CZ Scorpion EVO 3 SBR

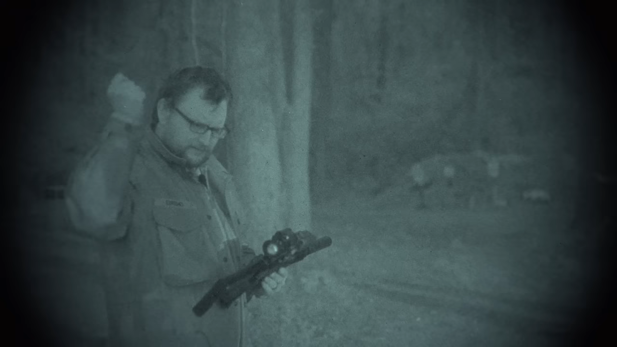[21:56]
All right, and it's nighttime. So we're going to run the CZ Scorpion, suppressed a little bit here with some night vision.
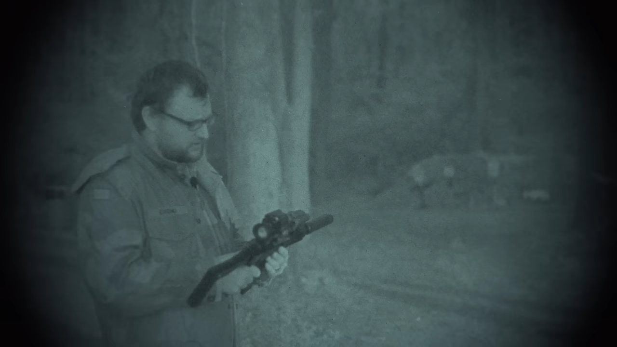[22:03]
We've got Armicide PVS-14 set up in a LaRue mount that actually is designed to, allow the night vision to swing out of the way when you're not using it. So that makes this whole setup here day or nighttime compatible, which is kind of cool. But we're running the Armicide PVS-14. Of course, we're going to rock it into place. Aim point, Comp 4, M4, Comp 4.
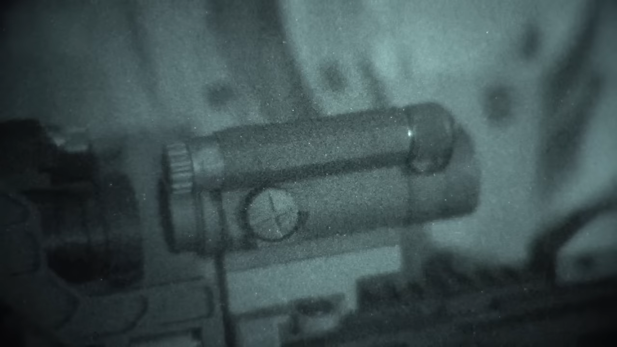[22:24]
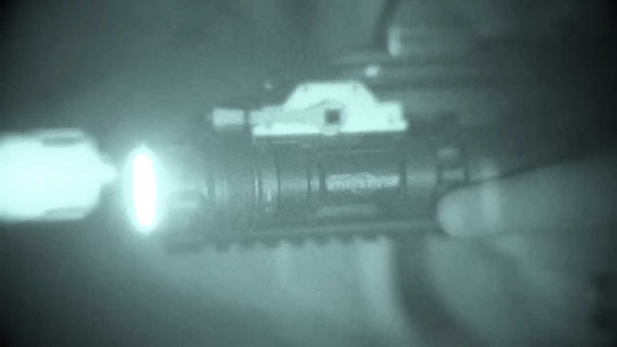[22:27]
We've got a Surefire KM2 that has both white and IR light. So we've got it on IR mode. We're going to light up a few targets.
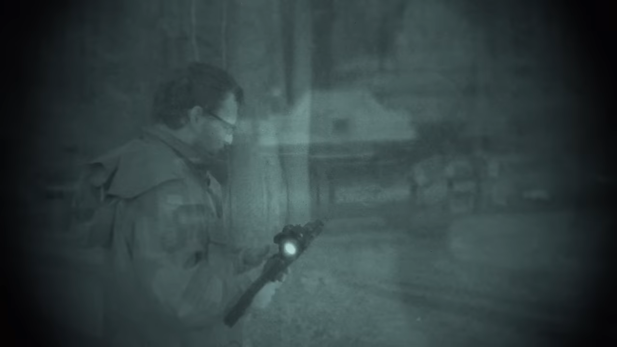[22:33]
We're going to run some 165 grain hush ammo. Let's see what we've got here for just a little nighttime creeping rig here.
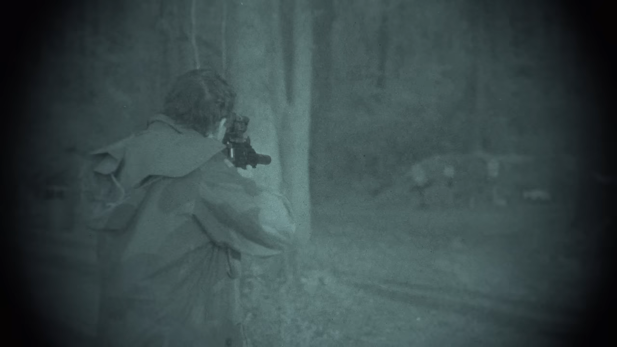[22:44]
All right, so you can probably see that Surefire doing a pretty good job. That's the KM2. All right, I'm going to turn it on, and let's just light up a couple of things. Look at that. Smack that gopher. He's probably hard to see. All right, we've got a Coyote target down there.
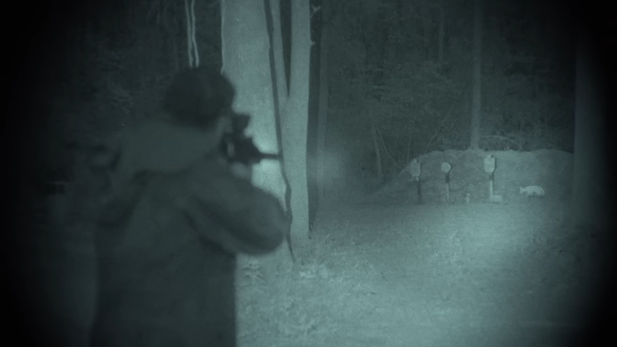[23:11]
A couple of head shots there on the Coyote. Not bad.
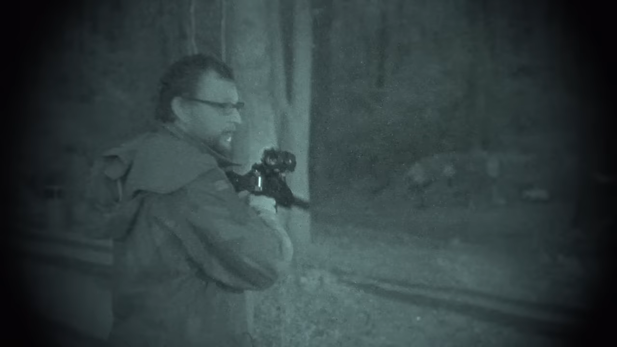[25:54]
And when I hit my Surefire, I got regular light. I'm not going to do that too much because I don't want to blow out the night vision.
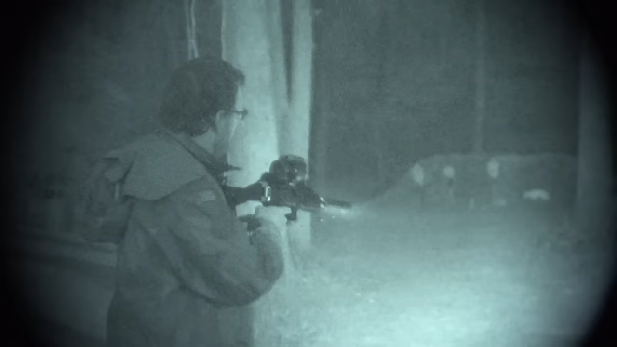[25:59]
But we're back in daytime mode when we do that. So this is truly a day and nighttime setup with this PVS-14 being able to flip out of the way. Whenever this PVS-14 is looking down the site on this aim point, I'm not changing my zero. And that's the beauty of having something like this. Now, granted, some people, you know, the T2 micros, the smaller optics, you know, those things are really hard to beat.
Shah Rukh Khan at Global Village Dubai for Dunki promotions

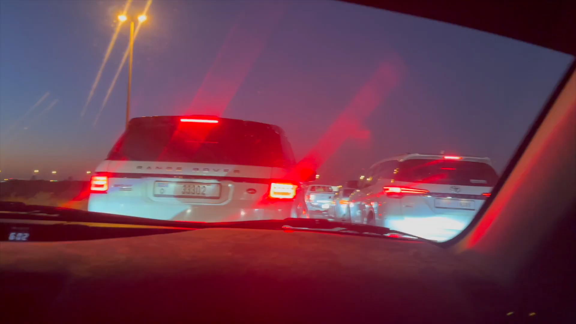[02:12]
జస్ట్ గ్లోబల్ విలేజ్ ఎంటర్ అయ్యి 2 కిలోమీటర్స్ ముందు ట్రాఫిక్ స్టార్ట్ అయింది.
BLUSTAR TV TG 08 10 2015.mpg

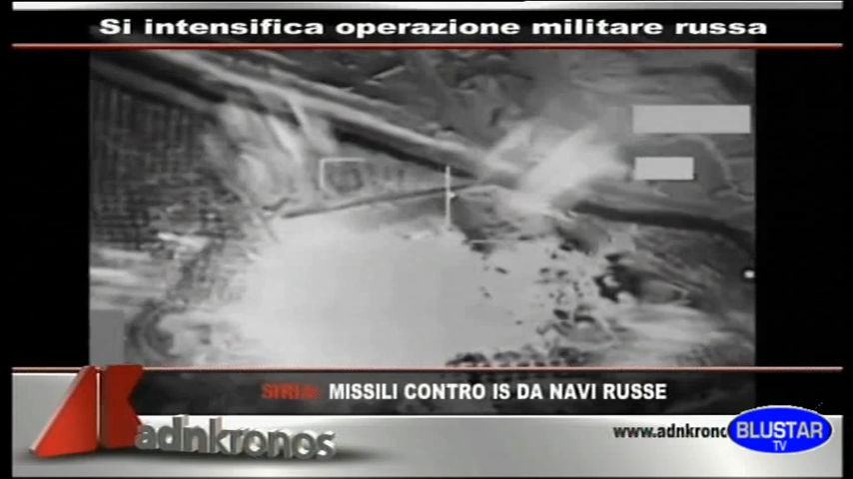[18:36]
Quattro navi della marina russa dispegate nel Mar Caspio hanno lanciato missili contro le postazioni dello Stato Islamico.
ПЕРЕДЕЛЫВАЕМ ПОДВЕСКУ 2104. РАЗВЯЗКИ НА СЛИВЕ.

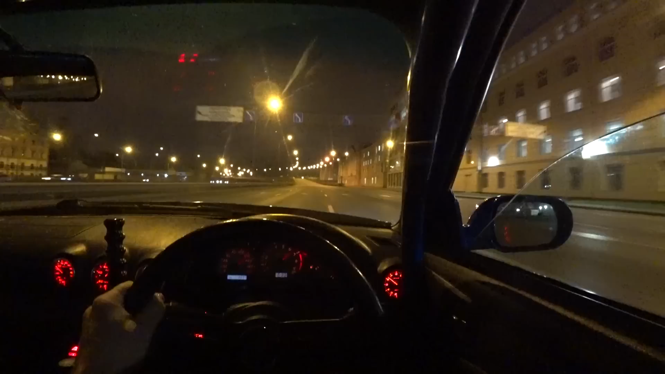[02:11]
Если вы думаете, что Питер город без пробок, то это не так. Конечно же, тут постоянно пробки, особенно в час пик. Сейчас 6 часов вечера. Но там, где можно было нажать, я нажал.
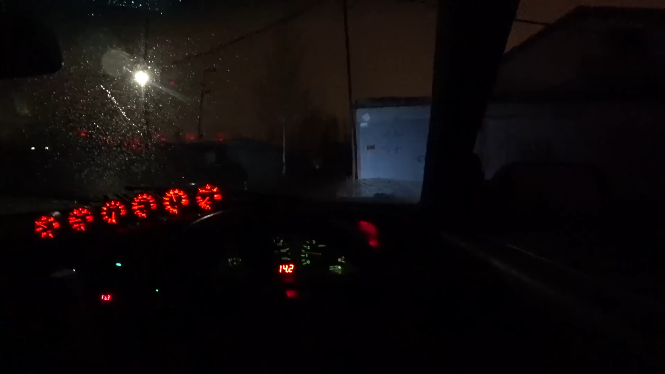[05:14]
Я выехал затестить лавра. На него поставили новый кардан. Сейчас посмотрим, ушли ли звуки или нет.
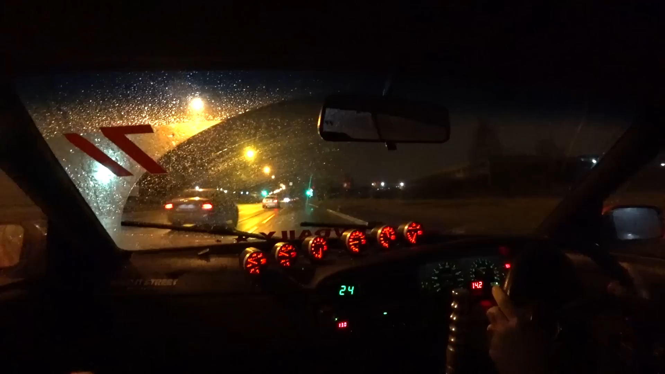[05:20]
Так, тестируем. Сейчас посмотрим на первый передатчик. Газ в пол другой, и сразу все станет понятно. Хотя нет, даже не газ в пол, а просто мы остановимся и сволоча кинем тачку. Все равно чуть-чуть есть. Ну а спонсоры этого выпуска — мои друзья из OneX.
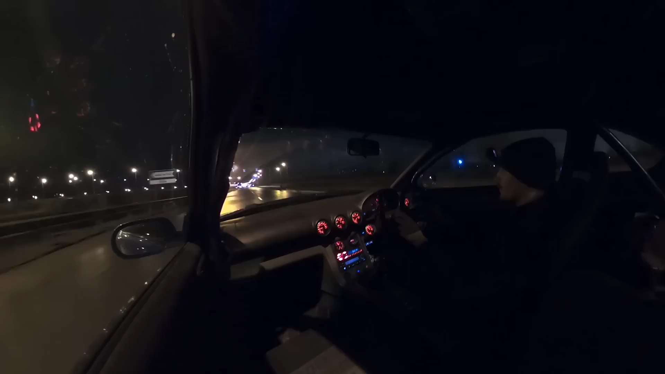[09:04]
Рабочий день закончился. Завтра уже продолжим делать четверку. На улице, кстати, мокро. Даже дворнички включаю.
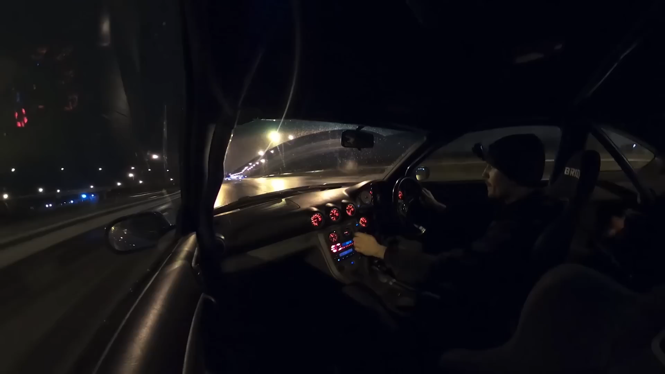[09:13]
А мокро — это значит, что мы экономим резину.
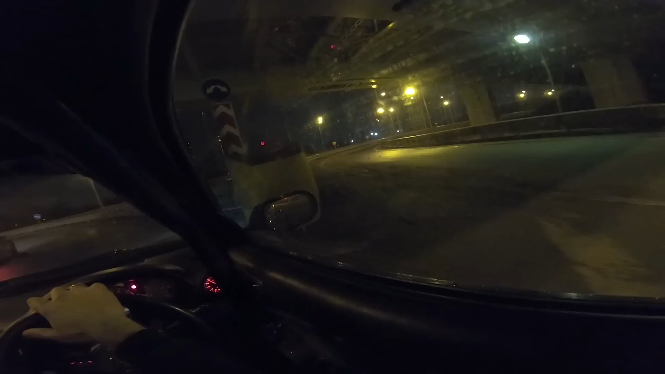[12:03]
Стоять не буду, но с другой стороны мне не хочется зафигачить арку. Или у меня сейчас сняло покрышку с колеса, или просто капсен опять развалился и, соответственно, столбить мне по арке.
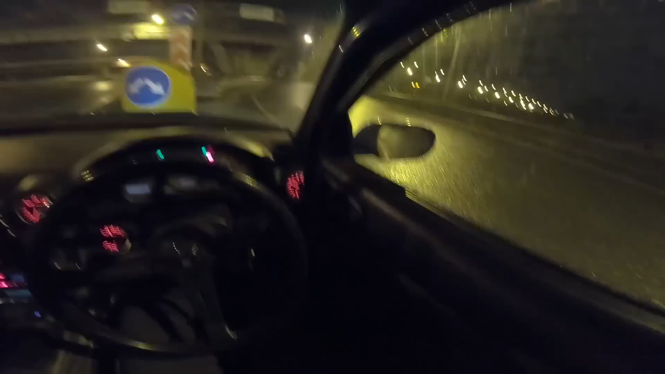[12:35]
Блин, пипец. Ну, колесо на месте.
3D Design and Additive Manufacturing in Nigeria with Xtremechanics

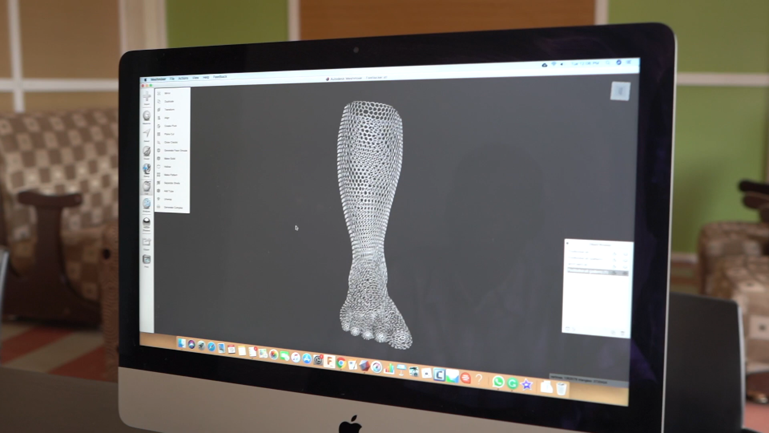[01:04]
especially in the regenerative medicine aspect of it. We are going to model body parts, the hand and leg.

**WHAT TO PRODUCE**
Every line above should be transcribed word for word; leave the pictures out.

**RESPONSE TO THE EXERCISE**
CZ Scorpion EVO 3 SBR

[21:56]
All right, and it's nighttime. So we're going to run the CZ Scorpion, suppressed a little bit here with some night vision.
[22:03]
We've got Armicide PVS-14 set up in a LaRue mount that actually is designed to, allow the night vision to swing out of the way when you're not using it. So that makes this whole setup here day or nighttime compatible, which is kind of cool. But we're running the Armicide PVS-14. Of course, we're going to rock it into place. Aim point, Comp 4, M4, Comp 4.
[22:24]
[22:27]
We've got a Surefire KM2 that has both white and IR light. So we've got it on IR mode. We're going to light up a few targets.
[22:33]
We're going to run some 165 grain hush ammo. Let's see what we've got here for just a little nighttime creeping rig here.
[22:44]
All right, so you can probably see that Surefire doing a pretty good job. That's the KM2. All right, I'm going to turn it on, and let's just light up a couple of things. Look at that. Smack that gopher. He's probably hard to see. All right, we've got a Coyote target down there.
[23:11]
A couple of head shots there on the Coyote. Not bad.
[25:54]
And when I hit my Surefire, I got regular light. I'm not going to do that too much because I don't want to blow out the night vision.
[25:59]
But we're back in daytime mode when we do that. So this is truly a day and nighttime setup with this PVS-14 being able to flip out of the way. Whenever this PVS-14 is looking down the site on this aim point, I'm not changing my zero. And that's the beauty of having something like this. Now, granted, some people, you know, the T2 micros, the smaller optics, you know, those things are really hard to beat.
Shah Rukh Khan at Global Village Dubai for Dunki promotions

[02:12]
జస్ట్ గ్లోబల్ విలేజ్ ఎంటర్ అయ్యి 2 కిలోమీటర్స్ ముందు ట్రాఫిక్ స్టార్ట్ అయింది.
BLUSTAR TV TG 08 10 2015.mpg

[18:36]
Quattro navi della marina russa dispegate nel Mar Caspio hanno lanciato missili contro le postazioni dello Stato Islamico.
ПЕРЕДЕЛЫВАЕМ ПОДВЕСКУ 2104. РАЗВЯЗКИ НА СЛИВЕ.

[02:11]
Если вы думаете, что Питер город без пробок, то это не так. Конечно же, тут постоянно пробки, особенно в час пик. Сейчас 6 часов вечера. Но там, где можно было нажать, я нажал.
[05:14]
Я выехал затестить лавра. На него поставили новый кардан. Сейчас посмотрим, ушли ли звуки или нет.
[05:20]
Так, тестируем. Сейчас посмотрим на первый передатчик. Газ в пол другой, и сразу все станет понятно. Хотя нет, даже не газ в пол, а просто мы остановимся и сволоча кинем тачку. Все равно чуть-чуть есть. Ну а спонсоры этого выпуска — мои друзья из OneX.
[09:04]
Рабочий день закончился. Завтра уже продолжим делать четверку. На улице, кстати, мокро. Даже дворнички включаю.
[09:13]
А мокро — это значит, что мы экономим резину.
[12:03]
Стоять не буду, но с другой стороны мне не хочется зафигачить арку. Или у меня сейчас сняло покрышку с колеса, или просто капсен опять развалился и, соответственно, столбить мне по арке.
[12:35]
Блин, пипец. Ну, колесо на месте.
3D Design and Additive Manufacturing in Nigeria with Xtremechanics

[01:04]
especially in the regenerative medicine aspect of it. We are going to model body parts, the hand and leg.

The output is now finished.